/delta

Logs HTTP files to an S3 bucket at a configurable frequency.

Primary LanguageElixirMIT LicenseMIT

Delta

Logs HTTP files to an S3 bucket at a configurable frequency.

A delta is the place where a river merges into a larger body of water: in our case, it's where our various HTTP files are merged into our data lake.

Configuration

Delta is built around a GenStage pipeline, taking data from Producers and writing it to Sinks.

The basic unit is a File, a chunk of possibly-encoded data.

Delta is configured by JSON. Example:

{
  "producers": {
    "polling_producer_name": {
      "url": "https://cdn.mbta.com/realtime/VehiclePositions.pb",
    },
    "webhook_producer_name": {
      "type": "webhook",
    },
  },
  "sinks": {
    "s3_sink_name": {
      "type": "s3",
      "bucket": "bucket_name",
      "producers": [
        "polling_producer_name",
        "webhook_producer_name"
      ]
    },
    "log_sink_name": {
      "producers": [
        "polling_producer_name",
        "webhook_producer_name"
      ]
    }
  }
}

Producers

Delta produces files from two sources: polled HTTP endpoints and webhooks.

HTTP Polling

Polling sources make an HTTP request for data at a configurable interval.

Configuration options:

  • url: Required.
  • frequency: Default 60000.
  • headers: Default {}. Example: {"content-type": "application/x-protobuf"}.
  • filters: Default []. See Filters below.

S3 Polling

Makes a request to S3, authenticated by IAM

Configuration options:

  • type: Must be "s3".
  • bucket: Required string.
  • path: Required string.
  • frequency: Default 60000.
  • filters: Default []. See Filters below.

Webhooks

Webhooks accept an HTTP POST to /webhook/:webhook_producer_name, and treat the body of the request as the content of the file.

Configuration options:

  • type: Must be "webhook".
  • authorization: A string. Default null. If present, checks that incoming requests have an "authorization" header set to this value.
  • filters: Default []. See Filters below.

Filters

Both polling and webhook sources also accept filters, which can arbitrarily process the File into 0 or more Files. Some example filters:

  • ensure the body is GZip-compressed (or not compressed)
  • convert a JSON body into multiple Files based on an access path
  • rename the File based on an access path
  • set the updated_at value based on an access path

Each entry in the configuration is a list whose first element is the string name of a function in lib/delta/file.ex, and any further elements are arguments to pass to that function.

Example:

"filters": [
  ["ensure_not_encoded"],
  ["json_updated_at", ["metadata", "timestamp"]],
]

All producers will always finish with ["ensure_content_type"] and ["ensure_gzipped"].

Sinks

Sinks take the generated Files and write them somewhere.

S3

The most useful sink writes the Files to an Amazon S3 bucket.
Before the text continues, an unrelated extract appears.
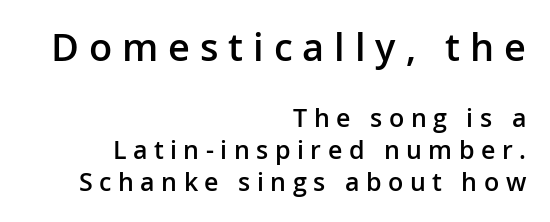
The image shows 38 px semibold sans-serif type, upright; set right-aligned, normal line spacing (1.28x), unusually wide letter spacing (+0.26 em), not underlined; the first (top) block is 1.52x larger; low stroke contrast and a medium x-height.
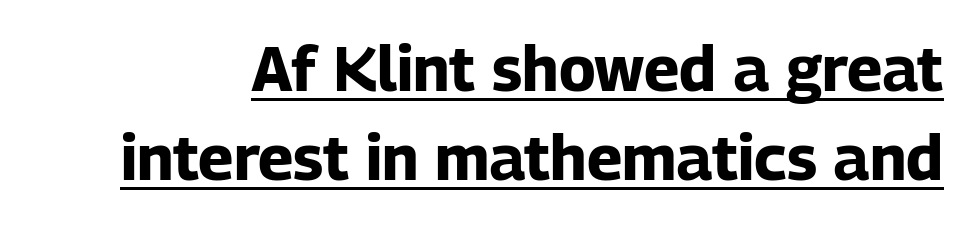
{"serif": "no", "italic": "no", "bold": "yes", "weight": "bold", "width": "normal", "stroke_contrast": "low", "x_height": "medium", "monospaced": "no", "underline": "yes", "line_spacing": "normal", "line_spacing_ratio": 1.41, "letter_spacing": "normal", "letter_spacing_em": 0.0, "glyph_px": 63}

Writes to the given bucket at the path {prefix}/{year}/{month}/{day}/{time}_{url}.gz.

Configuration options:

  • type: must be "s3".
  • bucket: Required string.
  • prefix: Default "". Will prepend this to all file names it writes to s3.
  • acl: Default "public-read". Passed to S3.put_object.
  • producers: Required list of string producer names.
  • filename_rewrites: Default []. Contains a list of maps like - %{pattern: "old_value", replacement: "new_value"} - this will be applied to the resulting s3 filename. Note: the full collection gets applied to every resultant producer filename, so these configurations should be relatively specific.

Log

Useful for debugging, the Log sink logs a message for each File.

Configuration options:

  • type: must be "log".
  • producers: Required list of string producer names.

Headers

Delta uses the content-type and content-encoding headers. If the content-type is missing, it can fall back to the known extensions listed in config/config.exs, with a default of application/octet-stream. The only supported content-encoding is "gzip".

Installation

asdf install
mix deps.get
env DELTA_JSON="$(cat config.json)" mix phx.server

Delta loads configuration from the DELTA_JSON environment variable. With MIX_ENV=dev, it will fall back to priv/default_configuration.json.